• **Your instructions**: The result should be an exact copy of the entries that follow, with no pictures included.

Stored entries:
⁂

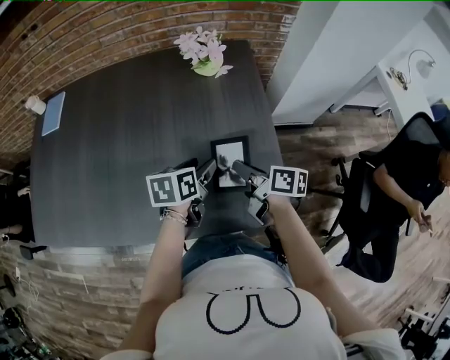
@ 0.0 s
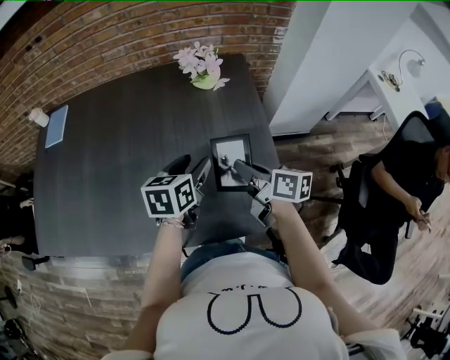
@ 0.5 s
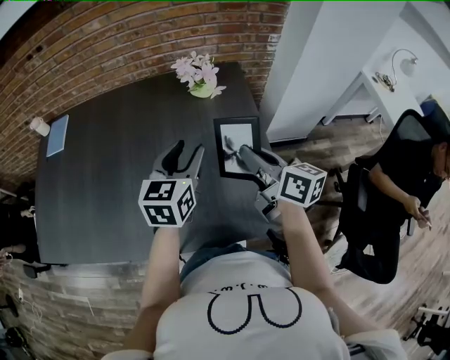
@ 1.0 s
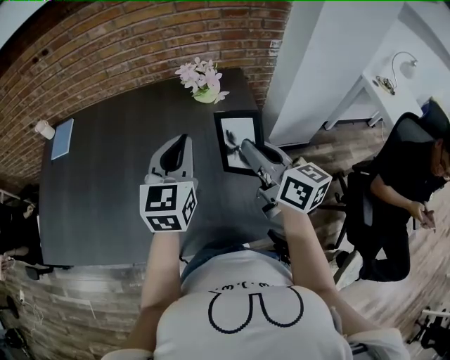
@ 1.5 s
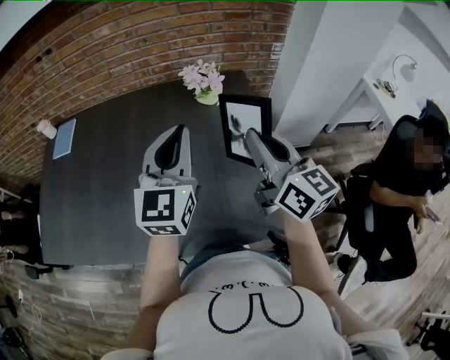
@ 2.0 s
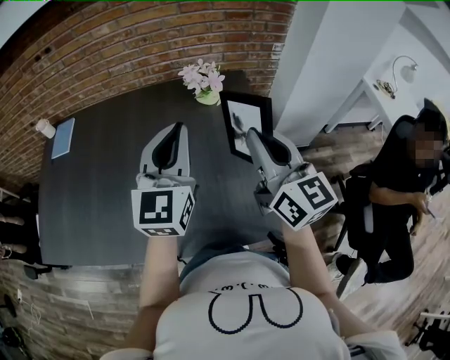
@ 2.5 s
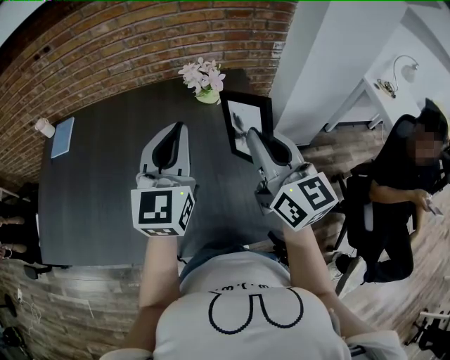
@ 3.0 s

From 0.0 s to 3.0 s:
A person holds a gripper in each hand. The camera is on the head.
From 0.0 s to 1.5 s: Both grippers move upward, some 20 cm. The left gripper angles its fingers upward, by about 30 degrees, and closes. The right gripper turns by roughly 40 degrees.
From 1.5 s to 3.0 s: The grippers both shift upward by some 5 cm. The right gripper turns by about 20 degrees.

⁂

• **Expected answer**:
@ 0.0 s
@ 0.5 s
@ 1.0 s
@ 1.5 s
@ 2.0 s
@ 2.5 s
@ 3.0 s

From 0.0 s to 3.0 s:
A person holds a gripper in each hand. The camera is on the head.
From 0.0 s to 1.5 s: Both grippers move upward, some 20 cm. The left gripper angles its fingers upward, by about 30 degrees, and closes. The right gripper turns by roughly 40 degrees.
From 1.5 s to 3.0 s: The grippers both shift upward by some 5 cm. The right gripper turns by about 20 degrees.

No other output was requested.